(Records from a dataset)
*** Block opens ***

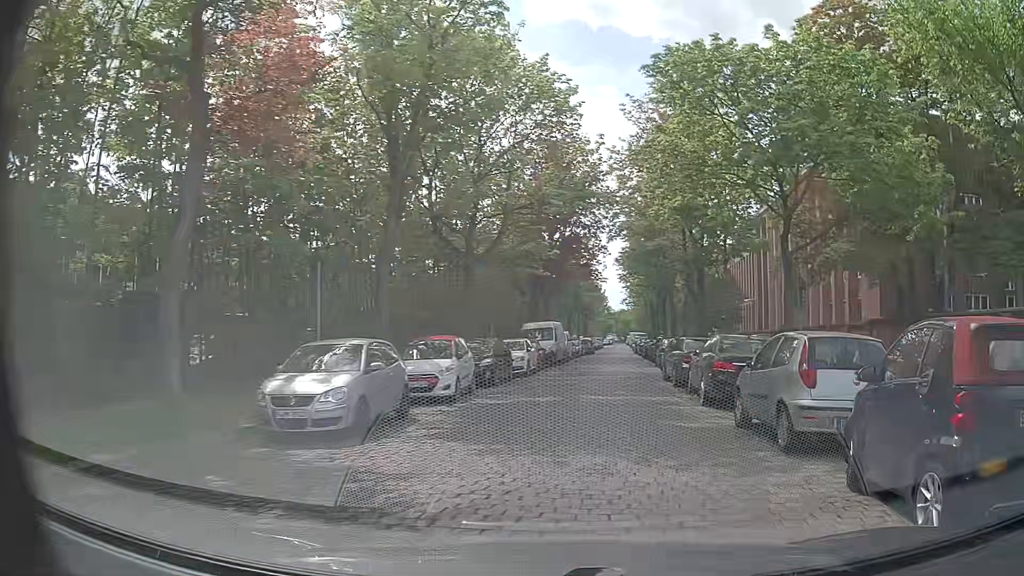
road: unclassified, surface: sett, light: Day
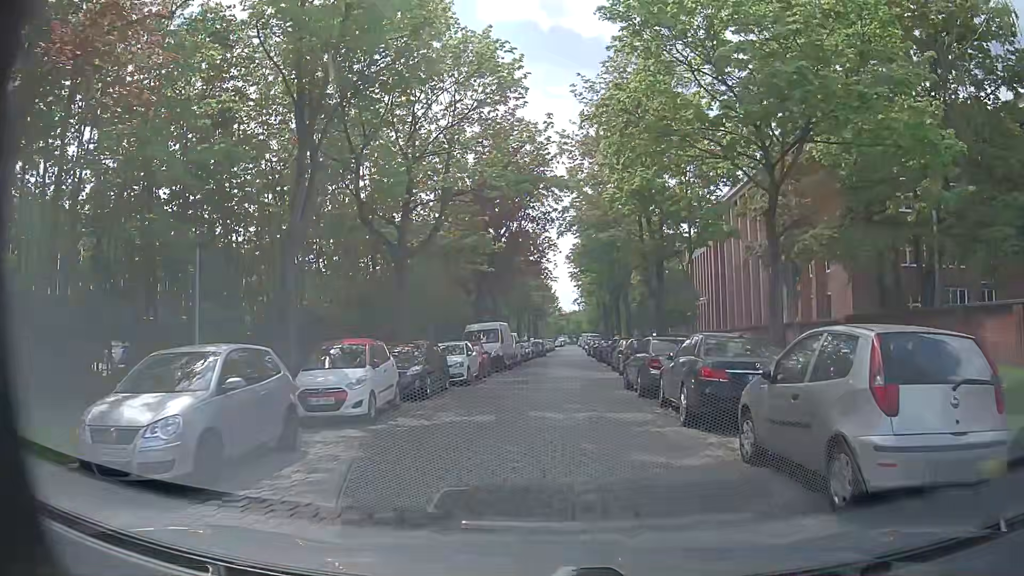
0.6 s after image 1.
(+0.1, +3.3) m; +3°
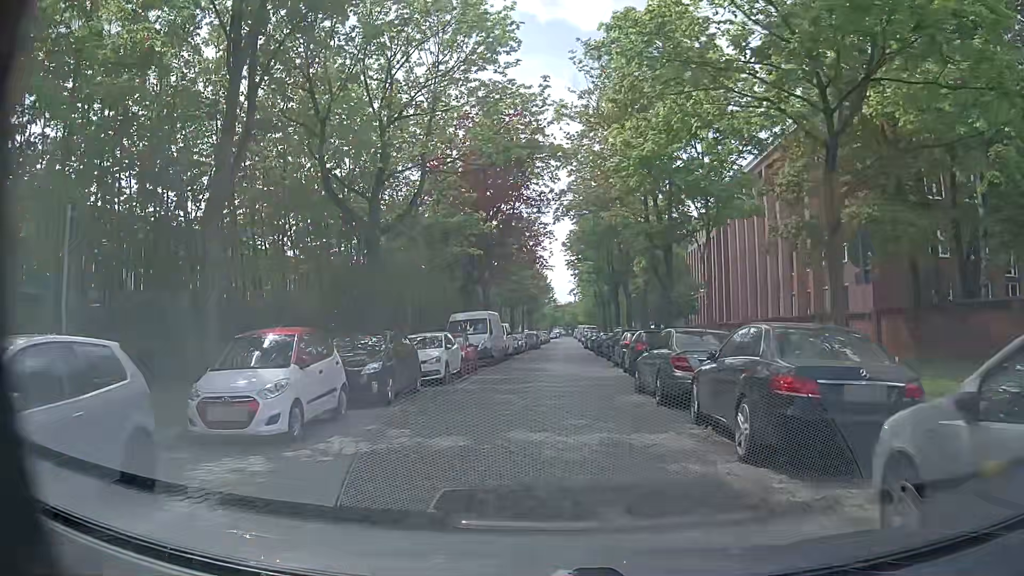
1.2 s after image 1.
(0.0, +3.7) m; -1°
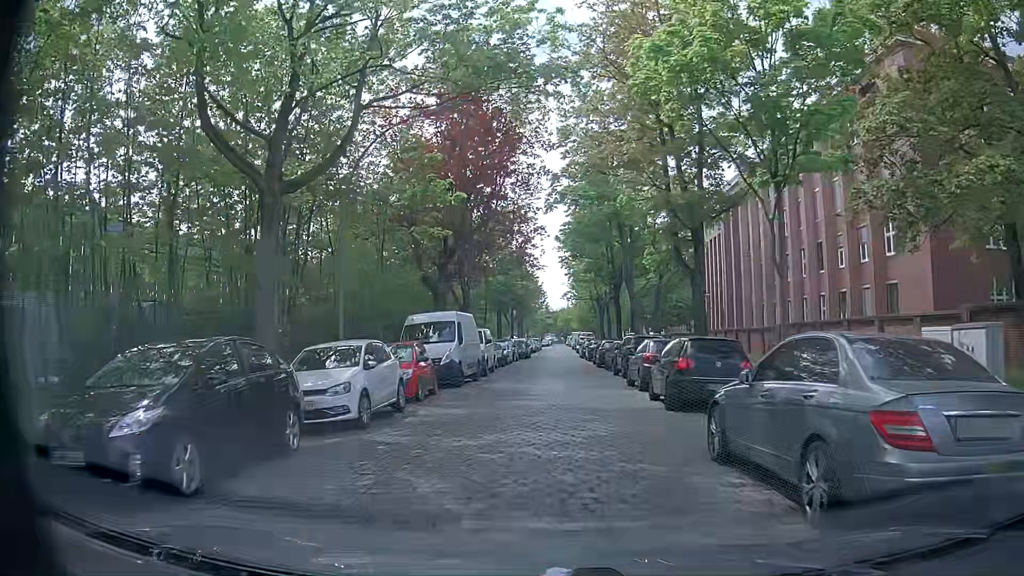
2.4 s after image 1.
(+0.3, +7.8) m; +2°
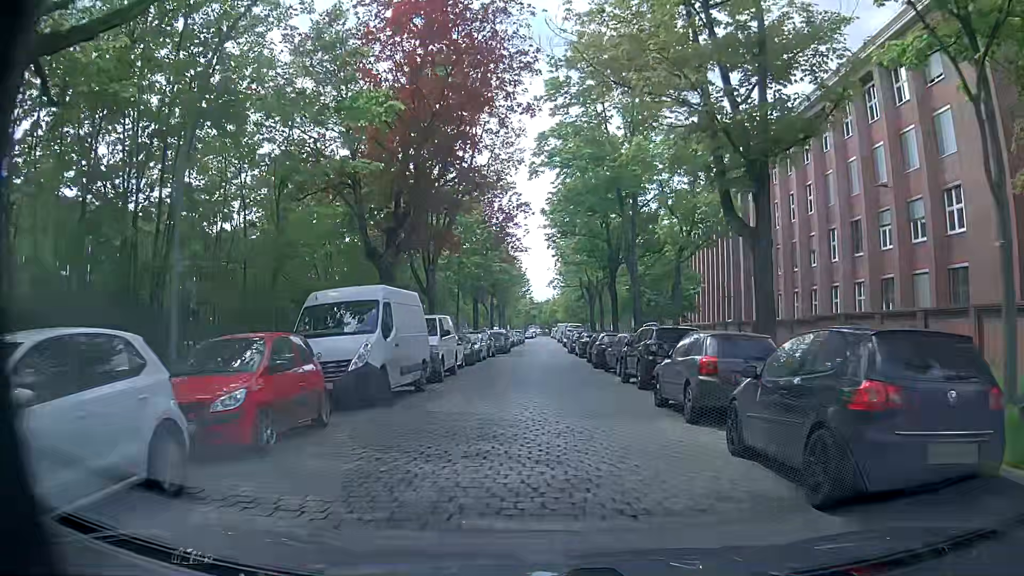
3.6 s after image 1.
(+0.1, +8.3) m; +1°
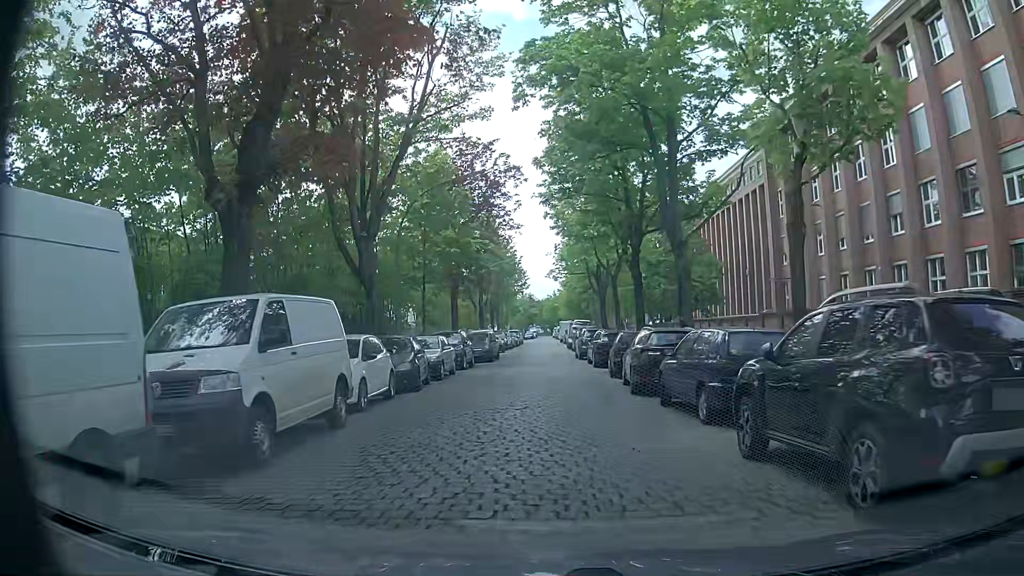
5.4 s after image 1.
(+0.4, +12.5) m; 0°
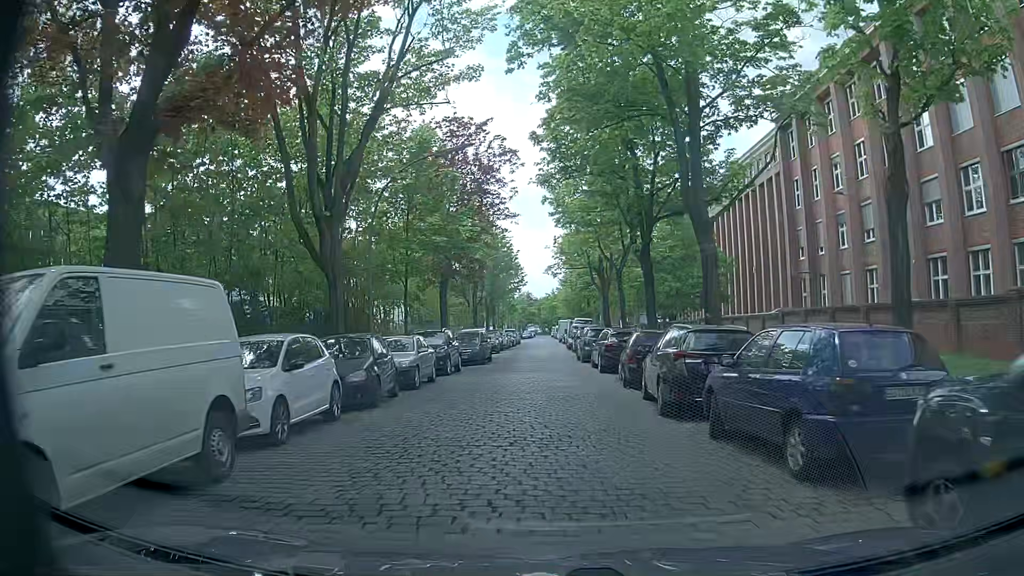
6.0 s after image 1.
(0.0, +3.9) m; +1°
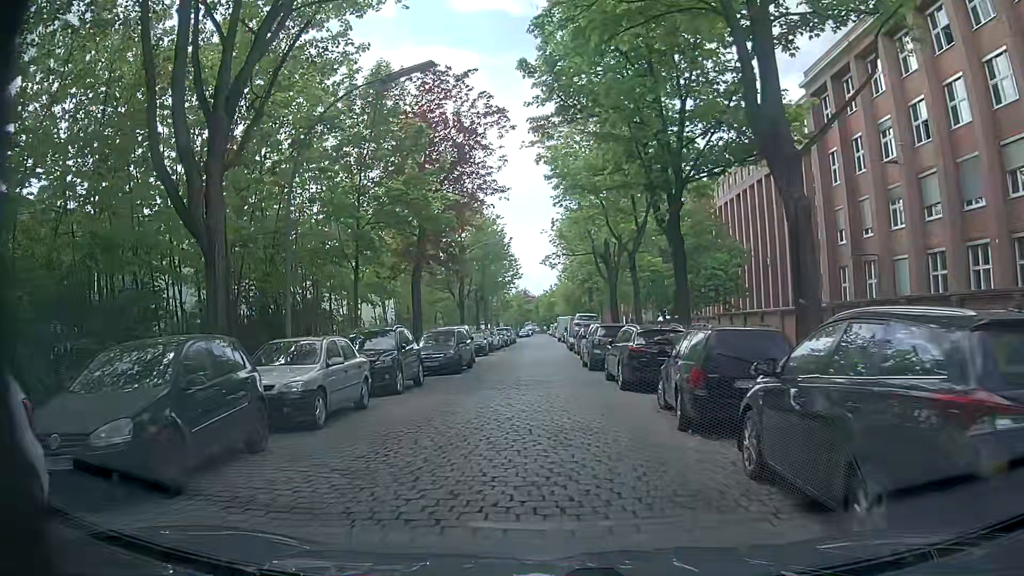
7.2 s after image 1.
(+0.1, +7.4) m; 0°

*** Block closes ***

→ **Problem statement**: Every line above should be repeated exactly; pictures stay out of the copy.

→ **Written answer**:
road: unclassified, surface: sett, light: Day
0.6 s after image 1.
(+0.1, +3.3) m; +3°
1.2 s after image 1.
(0.0, +3.7) m; -1°
2.4 s after image 1.
(+0.3, +7.8) m; +2°
3.6 s after image 1.
(+0.1, +8.3) m; +1°
5.4 s after image 1.
(+0.4, +12.5) m; 0°
6.0 s after image 1.
(0.0, +3.9) m; +1°
7.2 s after image 1.
(+0.1, +7.4) m; 0°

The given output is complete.